I confronted her once more and she confessed that she was back on ****** *******, sleeping with married men.

She tried arguing that it would help our marriage, bring some spice into the relationship, and that being on ****** ******* was a plus: Since everyone’s married, there’s no incentive to expose the other person. It was as though I was talking to a complete stranger, some bohemian. No one I knew would say something like that.

“You shouldn’t judge me,” S said. “You’re seeing things in black and white when there is so much more nuance to it.”

But really, there wasn’t. She was bored with me and wanted to play. It was very simple.

I tried to stay with her and work it out for three more months, but she ultimately revealed herself to be someone I didn’t want to be with. We separated in the summer of 2014. We are still going through our divorce.

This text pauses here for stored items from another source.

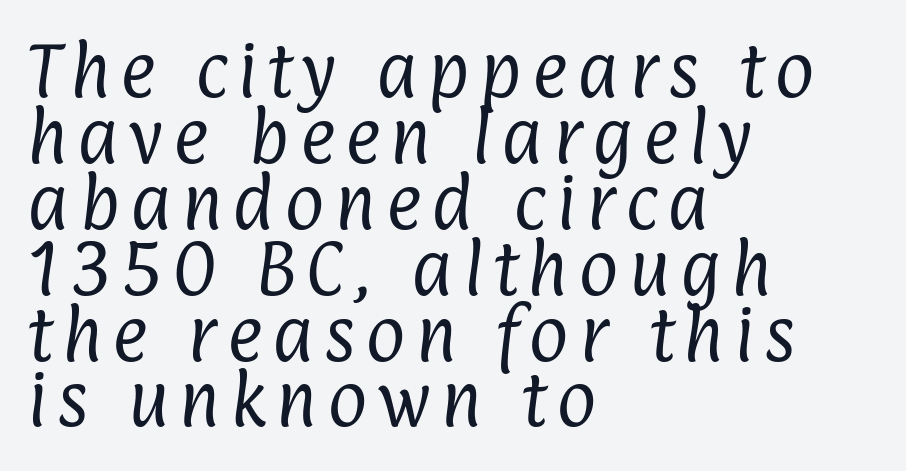
Q: Is the text bold? A: No.
Q: Is the typeface a serif or a sans-serif typeface? A: Sans-serif.
Q: Is the text underlined? A: No.
Q: How is the paragraph aligned? A: Left-aligned.
Q: Is the spacing between lines tight, normal or loose? A: Tight.
Q: Width (condensed, normal, or wide)? A: Condensed.
Q: Stroke contrast? A: Low.
Q: x-height? A: Medium.
Q: Monospaced? A: No.
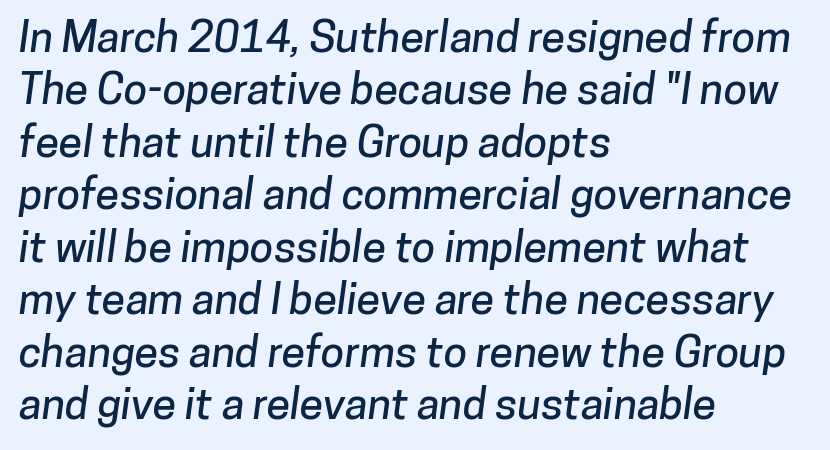
The image shows 43 px sans-serif type; set left-aligned, line spacing 1.22x, normal letter spacing, not underlined; low stroke contrast and a medium x-height.
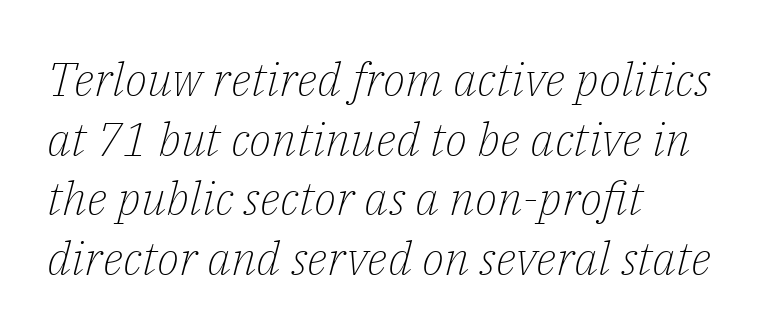
Q: Is the text bold? A: No.
Q: Is the text italic (slanted)? A: Yes, it leans right by about 14 degrees.
Q: Is the typeface a serif or a sans-serif typeface? A: Serif.
Q: Is the text underlined? A: No.
Q: How is the paragraph aligned? A: Left-aligned.
Q: Is the spacing between letters normal or unusually wide? A: Normal.
Q: Is the spacing between lines tight, normal or loose? A: Normal.
Q: Width (condensed, normal, or wide)? A: Normal.
Q: Stroke contrast? A: Low.
Q: x-height? A: Medium.
Q: Monospaced? A: No.
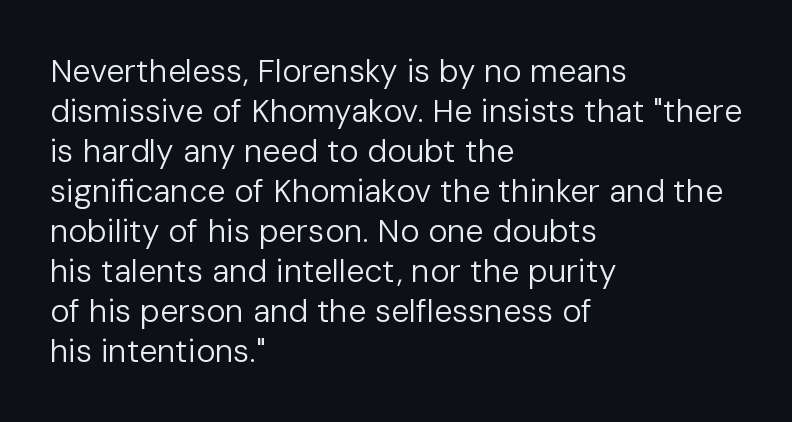
You could call the tracking neutral — neither tight nor loose. A sans-serif font was chosen for this passage. On a weight scale, this lands at 450 or below. Leading matches the norm, producing a regular column. Vertical strokes here are truly vertical. This sample has the flowing, uneven cadence of proportional lettering.
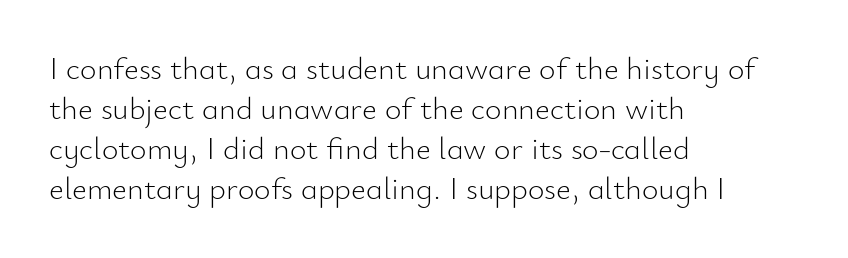
Q: Is the text bold? A: No.
Q: Is the text italic (slanted)? A: No, it is upright.
Q: Is the typeface a serif or a sans-serif typeface? A: Sans-serif.
Q: Is the text underlined? A: No.
Q: How is the paragraph aligned? A: Left-aligned.
Q: Is the spacing between letters normal or unusually wide? A: Normal.
Q: Is the spacing between lines tight, normal or loose? A: Normal.
Q: Width (condensed, normal, or wide)? A: Normal.
Q: Stroke contrast? A: Low.
Q: x-height? A: Small.
Q: Monospaced? A: No.
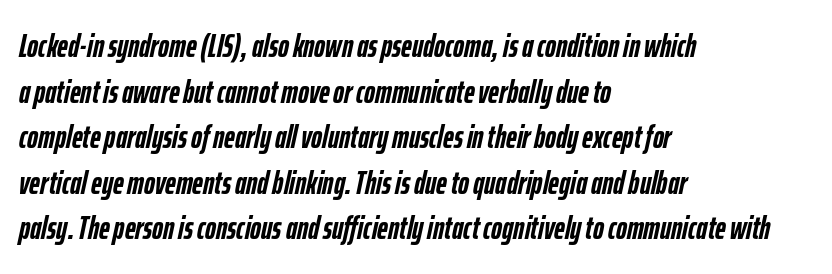
Look at the tracking — it's just the regular setting, nothing added. The strip under each line holds only bare page. Set as a true bold cut, around the 700 mark. The letters are slanted; this is an italic face. The setting favours the left margin, as ordinary paragraphs usually do.
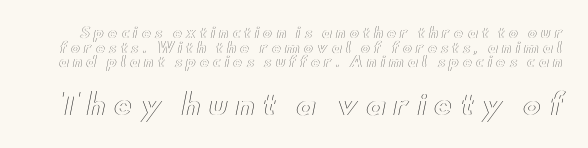
The horizontal fit of the characters is loose and conspicuously gappy. Summary of vertical rhythm: compact, with narrow interline spacing. Beneath every word, the page is bare. The second block has been scaled up relative to the first.
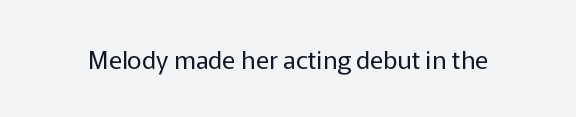
The rendering keeps characters at their native spacing. The font sits on the lighter half of the weight spectrum, regular included. Quick note: underline off. Is there any slant? The stems are plumb.
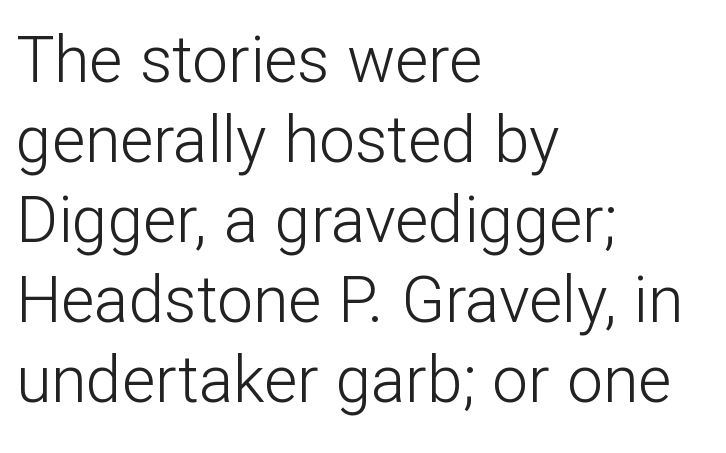
{"serif": "no", "italic": "no", "bold": "no", "weight": "light", "width": "normal", "stroke_contrast": "low", "x_height": "medium", "monospaced": "no", "underline": "no", "align": "left", "line_spacing": "normal", "line_spacing_ratio": 1.25, "letter_spacing": "normal", "letter_spacing_em": 0.0, "glyph_px": 64}
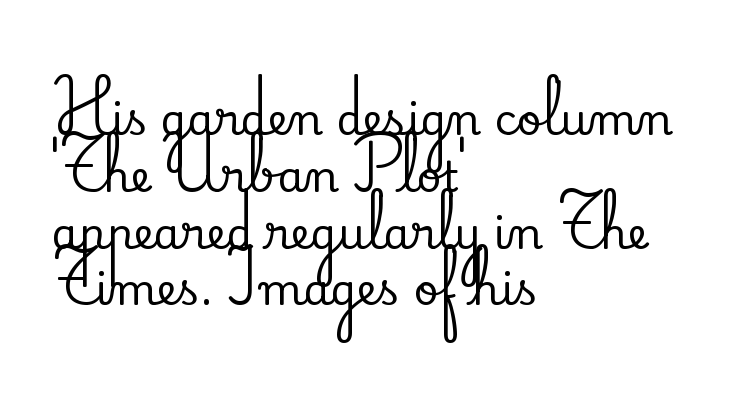
The image shows 43 px serif type, upright; set left-aligned, normal line spacing (1.32x), normal letter spacing, not underlined; low stroke contrast and a small x-height.
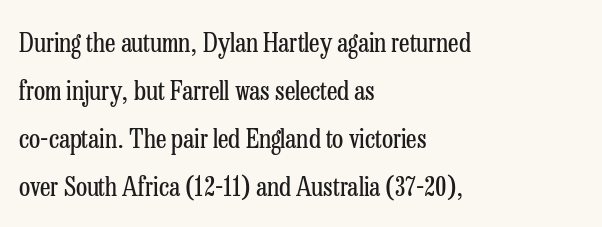
Q: Is the text bold? A: No.
Q: Is the text italic (slanted)? A: No, it is upright.
Q: Is the text underlined? A: No.
Q: How is the paragraph aligned? A: Left-aligned.
Q: Is the spacing between letters normal or unusually wide? A: Normal.
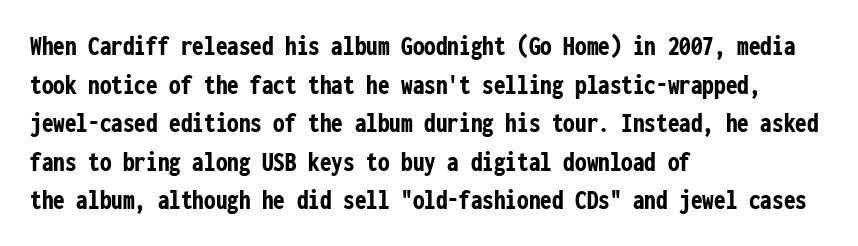
The image shows 29 px semibold, condensed sans-serif type, upright, monospaced; set left-aligned, normal line spacing (1.33x), normal letter spacing, not underlined; low stroke contrast and a medium x-height.

When you’re betrayed in this way, to this degree, you become traumatized and experience post-traumatic stress disorder symptoms. The breach, needless to say, made it come back all at once. I triggered hard. My girlfriend of one year (we started dating after my wife and I separated) was a little confused as to why I was still so upset.

“It was really traumatic,” I explained to her.

People are surprised to hear about men whose wives are on ****** *******. Typically, guys are considered the philanderers — actively going out pursuing affairs — while women get hit on and reactively decide whether to cheat. But that’s not always the case.

Sure, the hack revealed that only 14 percent of ****** *******’s users were women. But it’s a substantial number when you think of all the havoc those people, including my wife, have wreaked.

I’m most worried for my two children. Kids can be cruel, and I don’t want anyone going up to them and saying, “Did you see what your mother did?” My older son found out about the affairs when he chanced upon an anonymous blog I kept on survivinginfidelity.com. He still speaks to his mother, but has a hard time dealing with what happened. Our younger son, thankfully, doesn’t know.

But maybe there’s an upside to the breach. ****** ******* deserves everything that’s coming its way. The CEO is such a sociopath. Just think about all the misery he helps inflict. The fact that there are already two suicides linked to the breach is just so regrettable.

And for those who were caught, you should stand up and say, “Yeah, I did this. I admit it and I’m working toward being a better person.”
I’m currently looking for a new job in the tech world, and you can bet that I’m going to look up any potential new boss to see if they were on ****** ******* — anyone who would lie to his or her spouse would lie to me.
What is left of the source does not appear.